Purpose: Chronic myelogenous leukemia (CML) is characterized by the constitutive activation of Bcr-Abl tyrosine kinase. Bcr-Abl-T315I is the predominant mutation that causes resistance to imatinib, cytotoxic drugs, and the second-generation tyrosine kinase inhibitors. The emergence of imatinib resistance in patients with CML leads to searching for novel approaches to the treatment of CML. Gambogic acid, a small molecule derived from Chinese herb gamboges, has been approved for phase II clinical trial for cancer therapy by the Chinese Food and Drug Administration (FDA). In this study, we investigated the effect of gambogic acid on cell survival or apoptosis in CML cells bearing Bcr-Abl-T315I or wild-type Bcr-Abl. Experimental Design: CML cell lines (KBM5, KBM5-T315I, and K562), primary cells from patients with CML with clinical resistance to imatinib, and normal monocytes from healthy volunteers were treated with gambogic acid, imatinib, or their combination, followed by measuring the effects on cell growth, apoptosis, and signal pathways. The in vivo antitumor activity of gambogic acid and its combination with imatinib was also assessed with nude xenografts.

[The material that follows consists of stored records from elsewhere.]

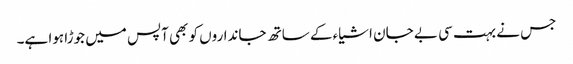
جس نے بہت سی بے جان اشیاء کے ساتھ جانداروں کو بھی آپس میں جوڑا ہوا ہے۔
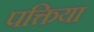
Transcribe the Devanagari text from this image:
पक्तिया
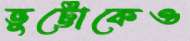
ভুট্টোকেও
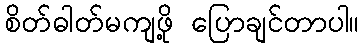
စိတ်ဓါတ်မကျဖို့ ပြောချင်တာပါ။
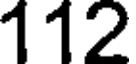
112
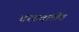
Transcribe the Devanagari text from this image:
दरडवाडीत
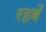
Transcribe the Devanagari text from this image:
रहबें
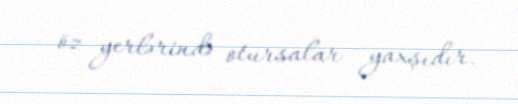
öz yerlərində otursalar yaxşıdır.
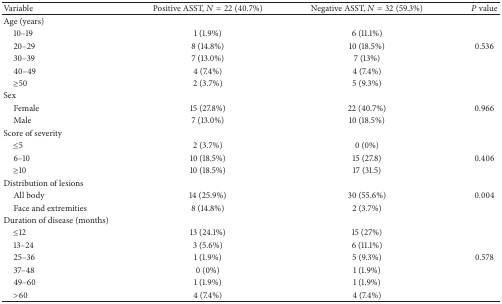
| Variable | Positive ASST, N = 22 (40.7%) | Negative ASST, N = 32 (59.3%) | P value |
 | --- | --- | --- | --- |
 | Age (years) |  |  |  |
 | 10–19 | 1 (1.9%) | 6 (11.1%) |  |
 | 20–29 | 8 (14.8%) | 10 (18.5%) | 0.536 |
 | 30–39 | 7 (13.0%) | 7 (13%) |  |
 | 40–49 | 4 (7.4%) | 4 (7.4%) |  |
 | ≥50 | 2 (3.7%) | 5 (9.3%) |  |
 | Sex |  |  |  |
 | Female | 15 (27.8%) | 22 (40.7%) | 0.966 |
 | Male | 7 (13.0%) | 10 (18.5%) |  |
 | Score of severity |  |  |  |
 | ≤5 | 2 (3.7%) | 0 (0%) |  |
 | 6–10 | 10 (18.5%) | 15 (27.8) | 0.406 |
 | ≥10 | 10 (18.5%) | 17 (31.5) |  |
 | Distribution of lesions |  |  |  |
 | All body | 14 (25.9%) | 30 (55.6%) | 0.004 |
 | Face and extremities | 8 (14.8%) | 2 (3.7%) |  |
 | Duration of disease (months) |  |  |  |
 | ≤12 | 13 (24.1%) | 15 (27%) |  |
 | 13–24 | 3 (5.6%) | 6 (11.1%) |  |
 | 25–36 | 1 (1.9%) | 5 (9.3%) | 0.578 |
 | 37–48 | 0 (0%) | 1 (1.9%) |  |
 | 49–60 | 1 (1.9%) | 1 (1.9%) |  |
 | >60 | 4 (7.4%) | 4 (7.4%) |  |
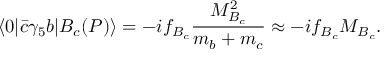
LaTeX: \langle 0 | { \bar { c } } \gamma _ { 5 } b | B _ { c } ( P ) \rangle = - i f _ { B _ { c } } \frac { M _ { B _ { c } } ^ { 2 } } { m _ { b } + m _ { c } } \approx - i f _ { B _ { c } } M _ { B _ { c } } .
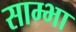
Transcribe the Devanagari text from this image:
साम्भा
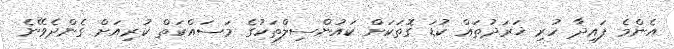
އެންމެ ފައިދާ ހުރި ޚަރަދުތައް ކުޑަ ގޮތަކަށް ކައުންސިލްތަކުގެ މަސައްކަތް ކުރިއަށް ގެންދެވޭނެ
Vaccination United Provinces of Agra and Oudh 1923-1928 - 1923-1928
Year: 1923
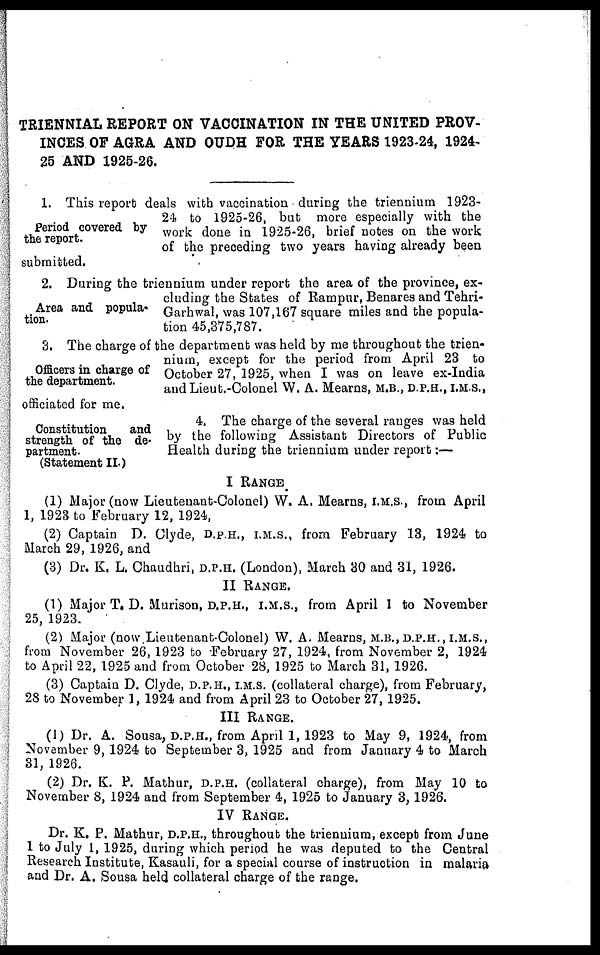
TRIENNIAL REPORT ON VACCINATION IN THE UNITED PROV-
INCES OF AGRA AND OUDH FOR THE YEARS 1923-24, 1924.
25 AND 1925-26.
Period covered by
the report.
1. This report deals with vaccination during the triennium 1923-
24 to 1925-26, but more especially with the
work done in 1925-26, brief notes on the work
of the preceding two years having already been
submitted.
Area and popula¬
tion.
2. During the triennium under report the area of the province, ex-
cluding the States of Rampur, Benares and Tehri¬
Garhwal, was 107,167 square miles and the popula-
tion 45,375,787.
Officers in charge of
the department.
3. The charge of the department was held by me throughout the trien-
nium, except for the period from April 23 to
October 27, 1925, when I was on leave ex-India
and Lieut.-Colonel W. A. Mearns, M.B., D.P.H., I.M.S.,
officiated for me.
Constitution
and
strength of the de-
partment.
(Statement II.)
4. The charge of the several ranges was held
by the following Assistant Directors of Public
Health during the triennium under report:—
I RANGE
(1) Major (now Lieutenant-Colonel) W. A. Mearns, I.M.S., from April
1, 1923 to February 12, 1924,
(2) Captain D. Clyde, D.P.H., I.M.S., from February 13, 1924 to
March 29, 1926, and
(3) Dr. K. L. Chaudhri, D.P.H. (London), March 30 and 31, 1926.
II RANGE.
(1) Major T. D. Murison, D.P.H., I.M.S., from April 1 to November
25, 1923.
(2) Major (now.Lieutenant-Colonel) W. A. Mearns, M.B., D.P.H., I.M.S.,
from November 26, 1923 to February 27, 1924, from November 2, 1924
to April 22, 1925 and from October 28, 1925 to March 31, 1926.
(3) Captain D. Clyde, D.P.H., I.M.S. (collateral charge), from February,
28 to November 1, 1924 and from April 23 to October 27, 1925.
III RANGE.
(1) Dr. A. Sousa, D.P.H., from April 1,1923 to May 9, 1924, from
November 9, 1924 to September 3, 1925 and from January 4 to March
31, 1926.
(2) Dr. K. P. Mathur, D.P.H. (collateral charge), from May 10 to
November 8, 1924 and from September 4, 1925 to January 3, 1926.
IV RANGE.
Dr. K. P. Mathur, D.P.H., throughout the triennium, except from June
1 to July 1, 1925, during which period he was deputed to the Central
Research Institute, Kasauli, for a special course of instruction in malaria
and Dr. A. Sousa held collateral charge of the range.
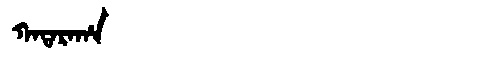
Manchu: ᡴᠠᡨᠠᡵᠠᡥᠠ
Romanization: KATARAHA
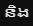
និង
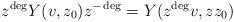
LaTeX: \begin{align*} z^{\deg}Y(v,z_0)z^{-\deg}=Y(z^{\deg}v,zz_0)\end{align*}
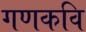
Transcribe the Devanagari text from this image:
गणकवि
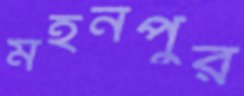
মহনপুর

Results: Gambogic acid induced apoptosis and cell proliferation inhibition in CML cells and inhibited the growth of imatinib-resistant Bcr-Abl-T315I xenografts in nude mice. Our data suggest that GA-induced proteasome inhibition is required for caspase activation in both imatinib-resistant and -sensitive CML cells, and caspase activation is required for gambogic acid-induced Bcr-Abl downregulation and apoptotic cell death. Conclusions: These findings suggest an alternative strategy to overcome imatinib resistance by enhancing Bcr-Abl downregulation with the medicinal compound gambogic acid, which may have great clinical significance in imatinib-resistant cancer therapy. Clin Cancer Res; 20(1); 151-63.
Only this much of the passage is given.